** Opening PROVIDED RECORDS block **
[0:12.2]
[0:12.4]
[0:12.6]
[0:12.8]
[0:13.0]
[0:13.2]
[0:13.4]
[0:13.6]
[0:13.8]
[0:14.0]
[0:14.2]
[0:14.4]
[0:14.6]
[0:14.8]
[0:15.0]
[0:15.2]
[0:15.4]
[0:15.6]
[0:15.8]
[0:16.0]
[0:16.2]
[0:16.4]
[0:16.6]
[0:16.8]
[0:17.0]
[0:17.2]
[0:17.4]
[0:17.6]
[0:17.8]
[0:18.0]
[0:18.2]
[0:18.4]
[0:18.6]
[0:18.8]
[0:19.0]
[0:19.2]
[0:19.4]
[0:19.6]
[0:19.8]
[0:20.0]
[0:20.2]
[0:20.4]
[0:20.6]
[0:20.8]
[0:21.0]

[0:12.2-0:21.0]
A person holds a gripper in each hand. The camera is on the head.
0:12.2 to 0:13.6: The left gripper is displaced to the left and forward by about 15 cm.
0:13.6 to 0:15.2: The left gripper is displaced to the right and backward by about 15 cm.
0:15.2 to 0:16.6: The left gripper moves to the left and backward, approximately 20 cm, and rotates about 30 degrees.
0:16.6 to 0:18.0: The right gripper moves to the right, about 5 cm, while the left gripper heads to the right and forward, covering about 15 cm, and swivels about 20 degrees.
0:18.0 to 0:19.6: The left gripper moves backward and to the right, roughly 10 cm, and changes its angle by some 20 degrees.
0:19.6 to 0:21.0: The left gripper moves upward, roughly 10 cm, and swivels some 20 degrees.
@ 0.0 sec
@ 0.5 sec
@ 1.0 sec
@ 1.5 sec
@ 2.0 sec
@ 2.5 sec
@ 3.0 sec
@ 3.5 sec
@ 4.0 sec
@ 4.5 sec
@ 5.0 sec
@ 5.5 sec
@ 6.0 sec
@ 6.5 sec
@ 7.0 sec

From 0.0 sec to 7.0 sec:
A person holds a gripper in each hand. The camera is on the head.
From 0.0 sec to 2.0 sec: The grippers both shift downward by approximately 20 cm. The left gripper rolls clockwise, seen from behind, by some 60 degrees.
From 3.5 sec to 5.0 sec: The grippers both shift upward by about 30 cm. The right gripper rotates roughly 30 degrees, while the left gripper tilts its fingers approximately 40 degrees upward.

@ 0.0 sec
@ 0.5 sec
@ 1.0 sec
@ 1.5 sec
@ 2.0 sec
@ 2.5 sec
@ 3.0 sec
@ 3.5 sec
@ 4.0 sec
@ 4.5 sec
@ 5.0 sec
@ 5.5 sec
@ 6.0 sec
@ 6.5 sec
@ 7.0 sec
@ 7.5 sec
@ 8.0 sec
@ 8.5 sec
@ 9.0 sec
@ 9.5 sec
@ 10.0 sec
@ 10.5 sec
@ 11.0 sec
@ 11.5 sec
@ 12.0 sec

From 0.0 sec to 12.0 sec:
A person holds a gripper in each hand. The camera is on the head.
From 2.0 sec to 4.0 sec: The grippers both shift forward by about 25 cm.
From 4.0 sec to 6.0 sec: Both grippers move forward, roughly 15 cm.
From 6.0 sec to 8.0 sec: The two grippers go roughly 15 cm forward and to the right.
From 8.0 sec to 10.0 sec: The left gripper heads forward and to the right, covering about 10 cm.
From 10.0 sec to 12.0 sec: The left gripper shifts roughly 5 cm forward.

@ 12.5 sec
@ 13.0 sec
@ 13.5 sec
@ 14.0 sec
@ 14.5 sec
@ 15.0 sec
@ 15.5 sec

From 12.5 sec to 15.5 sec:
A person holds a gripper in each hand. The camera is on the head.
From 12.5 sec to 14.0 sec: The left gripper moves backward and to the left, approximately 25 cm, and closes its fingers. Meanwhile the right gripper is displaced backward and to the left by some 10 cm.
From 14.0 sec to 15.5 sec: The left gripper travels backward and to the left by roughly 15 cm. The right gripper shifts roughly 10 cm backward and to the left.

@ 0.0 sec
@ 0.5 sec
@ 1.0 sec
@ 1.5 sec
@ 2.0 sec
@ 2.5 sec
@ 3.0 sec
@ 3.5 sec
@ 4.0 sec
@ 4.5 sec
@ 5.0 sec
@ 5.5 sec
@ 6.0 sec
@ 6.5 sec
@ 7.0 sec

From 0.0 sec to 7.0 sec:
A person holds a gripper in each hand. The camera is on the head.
** Closing PROVIDED RECORDS block **
### WHAT IS BEING ASKED
Without omitting anything, output the entries exactly.

### RESPONSE AREA
[0:12.2]
[0:12.4]
[0:12.6]
[0:12.8]
[0:13.0]
[0:13.2]
[0:13.4]
[0:13.6]
[0:13.8]
[0:14.0]
[0:14.2]
[0:14.4]
[0:14.6]
[0:14.8]
[0:15.0]
[0:15.2]
[0:15.4]
[0:15.6]
[0:15.8]
[0:16.0]
[0:16.2]
[0:16.4]
[0:16.6]
[0:16.8]
[0:17.0]
[0:17.2]
[0:17.4]
[0:17.6]
[0:17.8]
[0:18.0]
[0:18.2]
[0:18.4]
[0:18.6]
[0:18.8]
[0:19.0]
[0:19.2]
[0:19.4]
[0:19.6]
[0:19.8]
[0:20.0]
[0:20.2]
[0:20.4]
[0:20.6]
[0:20.8]
[0:21.0]

[0:12.2-0:21.0]
A person holds a gripper in each hand. The camera is on the head.
0:12.2 to 0:13.6: The left gripper is displaced to the left and forward by about 15 cm.
0:13.6 to 0:15.2: The left gripper is displaced to the right and backward by about 15 cm.
0:15.2 to 0:16.6: The left gripper moves to the left and backward, approximately 20 cm, and rotates about 30 degrees.
0:16.6 to 0:18.0: The right gripper moves to the right, about 5 cm, while the left gripper heads to the right and forward, covering about 15 cm, and swivels about 20 degrees.
0:18.0 to 0:19.6: The left gripper moves backward and to the right, roughly 10 cm, and changes its angle by some 20 degrees.
0:19.6 to 0:21.0: The left gripper moves upward, roughly 10 cm, and swivels some 20 degrees.
@ 0.0 sec
@ 0.5 sec
@ 1.0 sec
@ 1.5 sec
@ 2.0 sec
@ 2.5 sec
@ 3.0 sec
@ 3.5 sec
@ 4.0 sec
@ 4.5 sec
@ 5.0 sec
@ 5.5 sec
@ 6.0 sec
@ 6.5 sec
@ 7.0 sec

From 0.0 sec to 7.0 sec:
A person holds a gripper in each hand. The camera is on the head.
From 0.0 sec to 2.0 sec: The grippers both shift downward by approximately 20 cm. The left gripper rolls clockwise, seen from behind, by some 60 degrees.
From 3.5 sec to 5.0 sec: The grippers both shift upward by about 30 cm. The right gripper rotates roughly 30 degrees, while the left gripper tilts its fingers approximately 40 degrees upward.

@ 0.0 sec
@ 0.5 sec
@ 1.0 sec
@ 1.5 sec
@ 2.0 sec
@ 2.5 sec
@ 3.0 sec
@ 3.5 sec
@ 4.0 sec
@ 4.5 sec
@ 5.0 sec
@ 5.5 sec
@ 6.0 sec
@ 6.5 sec
@ 7.0 sec
@ 7.5 sec
@ 8.0 sec
@ 8.5 sec
@ 9.0 sec
@ 9.5 sec
@ 10.0 sec
@ 10.5 sec
@ 11.0 sec
@ 11.5 sec
@ 12.0 sec

From 0.0 sec to 12.0 sec:
A person holds a gripper in each hand. The camera is on the head.
From 2.0 sec to 4.0 sec: The grippers both shift forward by about 25 cm.
From 4.0 sec to 6.0 sec: Both grippers move forward, roughly 15 cm.
From 6.0 sec to 8.0 sec: The two grippers go roughly 15 cm forward and to the right.
From 8.0 sec to 10.0 sec: The left gripper heads forward and to the right, covering about 10 cm.
From 10.0 sec to 12.0 sec: The left gripper shifts roughly 5 cm forward.

@ 12.5 sec
@ 13.0 sec
@ 13.5 sec
@ 14.0 sec
@ 14.5 sec
@ 15.0 sec
@ 15.5 sec

From 12.5 sec to 15.5 sec:
A person holds a gripper in each hand. The camera is on the head.
From 12.5 sec to 14.0 sec: The left gripper moves backward and to the left, approximately 25 cm, and closes its fingers. Meanwhile the right gripper is displaced backward and to the left by some 10 cm.
From 14.0 sec to 15.5 sec: The left gripper travels backward and to the left by roughly 15 cm. The right gripper shifts roughly 10 cm backward and to the left.

@ 0.0 sec
@ 0.5 sec
@ 1.0 sec
@ 1.5 sec
@ 2.0 sec
@ 2.5 sec
@ 3.0 sec
@ 3.5 sec
@ 4.0 sec
@ 4.5 sec
@ 5.0 sec
@ 5.5 sec
@ 6.0 sec
@ 6.5 sec
@ 7.0 sec

From 0.0 sec to 7.0 sec:
A person holds a gripper in each hand. The camera is on the head.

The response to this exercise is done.